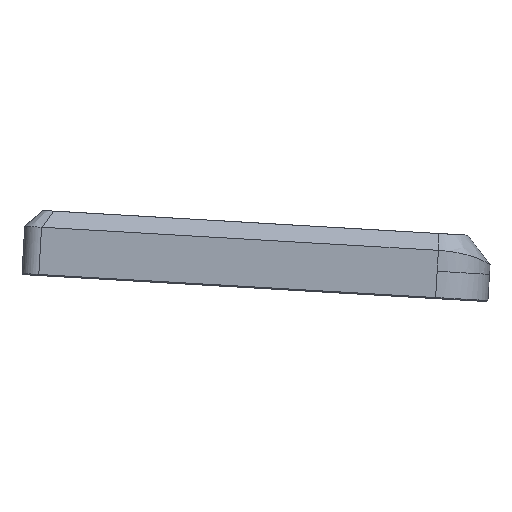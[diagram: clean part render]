
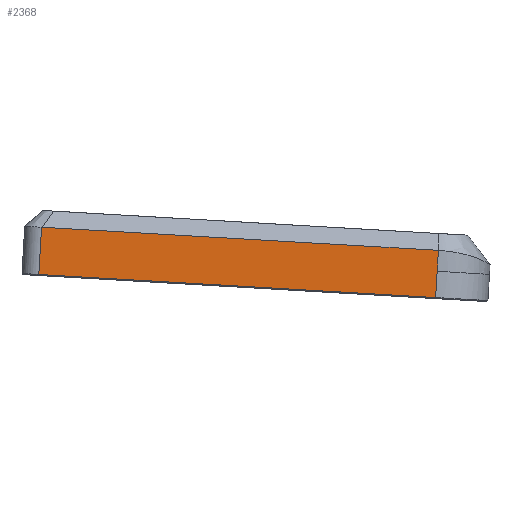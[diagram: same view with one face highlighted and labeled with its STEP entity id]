
A CAD part, left-side view. The second image highlights one B-rep face of the part: STEP entity #2368.
In plain terms, the highlighted planar face has unit normal (-1, 0, 0).
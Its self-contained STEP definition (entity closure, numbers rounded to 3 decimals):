
#73=B_SPLINE_CURVE_WITH_KNOTS('',3,(#3811,#3812,#3813,#3814,#3815,#3816),
 .UNSPECIFIED.,.F.,.F.,(4,2,4),(0.,0.25,0.5),
 .UNSPECIFIED.);
#102=B_SPLINE_CURVE_WITH_KNOTS('',3,(#4241,#4242,#4243,#4244),
 .UNSPECIFIED.,.F.,.F.,(4,4),(0.038,0.045),
 .UNSPECIFIED.);
#109=B_SPLINE_CURVE_WITH_KNOTS('',3,(#4337,#4338,#4339,#4340,#4341,#4342,
#4343),.UNSPECIFIED.,.F.,.F.,(4,3,4),(0.116,0.124,
0.131),.UNSPECIFIED.);
#110=B_SPLINE_CURVE_WITH_KNOTS('',3,(#4469,#4470,#4471,#4472,#4473,#4474),
 .UNSPECIFIED.,.F.,.F.,(4,2,4),(0.,0.325,0.625),
 .UNSPECIFIED.);
#159=PLANE('',#2553);
#263=FACE_OUTER_BOUND('',#409,.T.);
#409=EDGE_LOOP('',(#1905,#1906,#1907,#1908,#1909,#1910,#1911));
#580=LINE('',#4278,#797);
#620=LINE('',#4465,#837);
#621=LINE('',#4468,#838);
#797=VECTOR('',#2892,10.);
#837=VECTOR('',#3020,10.);
#838=VECTOR('',#3023,10.);
#1075=VERTEX_POINT('',#3809);
#1076=VERTEX_POINT('',#3810);
#1118=VERTEX_POINT('',#4240);
#1120=VERTEX_POINT('',#4272);
#1123=VERTEX_POINT('',#4324);
#1162=VERTEX_POINT('',#4463);
#1163=VERTEX_POINT('',#4467);
#1322=EDGE_CURVE('',#1075,#1076,#73,.T.);
#1379=EDGE_CURVE('',#1118,#1075,#102,.T.);
#1383=EDGE_CURVE('',#1120,#1118,#580,.T.);
#1388=EDGE_CURVE('',#1123,#1120,#109,.T.);
#1447=EDGE_CURVE('',#1162,#1123,#620,.T.);
#1448=EDGE_CURVE('',#1163,#1162,#621,.T.);
#1449=EDGE_CURVE('',#1076,#1163,#110,.T.);
#1905=ORIENTED_EDGE('',*,*,#1388,.F.);
#1906=ORIENTED_EDGE('',*,*,#1447,.F.);
#1907=ORIENTED_EDGE('',*,*,#1448,.F.);
#1908=ORIENTED_EDGE('',*,*,#1449,.F.);
#1909=ORIENTED_EDGE('',*,*,#1322,.F.);
#1910=ORIENTED_EDGE('',*,*,#1379,.F.);
#1911=ORIENTED_EDGE('',*,*,#1383,.F.);
#2368=ADVANCED_FACE('',(#263),#159,.T.);
#2553=AXIS2_PLACEMENT_3D('',#4466,#3021,#3022);
#2892=DIRECTION('',(0.,-0.998,-0.058));
#3020=DIRECTION('',(0.,-0.058,0.998));
#3021=DIRECTION('center_axis',(-1.,0.,0.));
#3022=DIRECTION('ref_axis',(0.,-0.998,-0.058));
#3023=DIRECTION('',(0.,0.998,0.058));
#3809=CARTESIAN_POINT('',(-107.866,-44.819,2.365));
#3810=CARTESIAN_POINT('',(-107.866,-44.522,-2.624));
#3811=CARTESIAN_POINT('Ctrl Pts',(-107.866,-44.819,2.365));
#3812=CARTESIAN_POINT('Ctrl Pts',(-107.866,-44.77,1.534));
#3813=CARTESIAN_POINT('Ctrl Pts',(-107.866,-44.72,0.702));
#3814=CARTESIAN_POINT('Ctrl Pts',(-107.866,-44.621,-0.961));
#3815=CARTESIAN_POINT('Ctrl Pts',(-107.866,-44.571,-1.792));
#3816=CARTESIAN_POINT('Ctrl Pts',(-107.866,-44.522,-2.624));
#4240=CARTESIAN_POINT('',(-107.866,-44.749,2.371));
#4241=CARTESIAN_POINT('Ctrl Pts',(-107.866,-44.749,2.371));
#4242=CARTESIAN_POINT('Ctrl Pts',(-107.866,-44.773,2.369));
#4243=CARTESIAN_POINT('Ctrl Pts',(-107.866,-44.796,2.367));
#4244=CARTESIAN_POINT('Ctrl Pts',(-107.866,-44.819,2.365));
#4272=CARTESIAN_POINT('',(-107.866,49.426,7.851));
#4278=CARTESIAN_POINT('',(-107.866,17.332,5.984));
#4324=CARTESIAN_POINT('',(-107.866,49.576,7.858));
#4337=CARTESIAN_POINT('Ctrl Pts',(-107.866,49.576,7.858));
#4338=CARTESIAN_POINT('Ctrl Pts',(-107.866,49.551,7.857));
#4339=CARTESIAN_POINT('Ctrl Pts',(-107.866,49.526,7.856));
#4340=CARTESIAN_POINT('Ctrl Pts',(-107.866,49.501,7.855));
#4341=CARTESIAN_POINT('Ctrl Pts',(-107.866,49.476,7.854));
#4342=CARTESIAN_POINT('Ctrl Pts',(-107.866,49.451,7.853));
#4343=CARTESIAN_POINT('Ctrl Pts',(-107.866,49.426,7.851));
#4463=CARTESIAN_POINT('',(-107.866,50.229,-3.371));
#4465=CARTESIAN_POINT('',(-107.866,49.953,1.371));
#4466=CARTESIAN_POINT('Origin',(-107.866,37.88,0.668));
#4467=CARTESIAN_POINT('',(-107.866,-44.159,-8.863));
#4468=CARTESIAN_POINT('',(-107.866,17.985,-5.247));
#4469=CARTESIAN_POINT('Ctrl Pts',(-107.866,-44.522,-2.624));
#4470=CARTESIAN_POINT('Ctrl Pts',(-107.866,-44.459,-3.705));
#4471=CARTESIAN_POINT('Ctrl Pts',(-107.866,-44.396,-4.787));
#4472=CARTESIAN_POINT('Ctrl Pts',(-107.866,-44.275,-6.867));
#4473=CARTESIAN_POINT('Ctrl Pts',(-107.866,-44.217,-7.865));
#4474=CARTESIAN_POINT('Ctrl Pts',(-107.866,-44.159,-8.863));
· · · ·
## Action item
Where the string "UNSPECIFIED" occurs in the data, return the whole line.

## Solution for this task
 .UNSPECIFIED.,.F.,.F.,(4,2,4),(0.,0.25,0.5),
 .UNSPECIFIED.);
 .UNSPECIFIED.,.F.,.F.,(4,4),(0.038,0.045),
 .UNSPECIFIED.);
#4343),.UNSPECIFIED.,.F.,.F.,(4,3,4),(0.116,0.124,
0.131),.UNSPECIFIED.);
 .UNSPECIFIED.,.F.,.F.,(4,2,4),(0.,0.325,0.625),
 .UNSPECIFIED.);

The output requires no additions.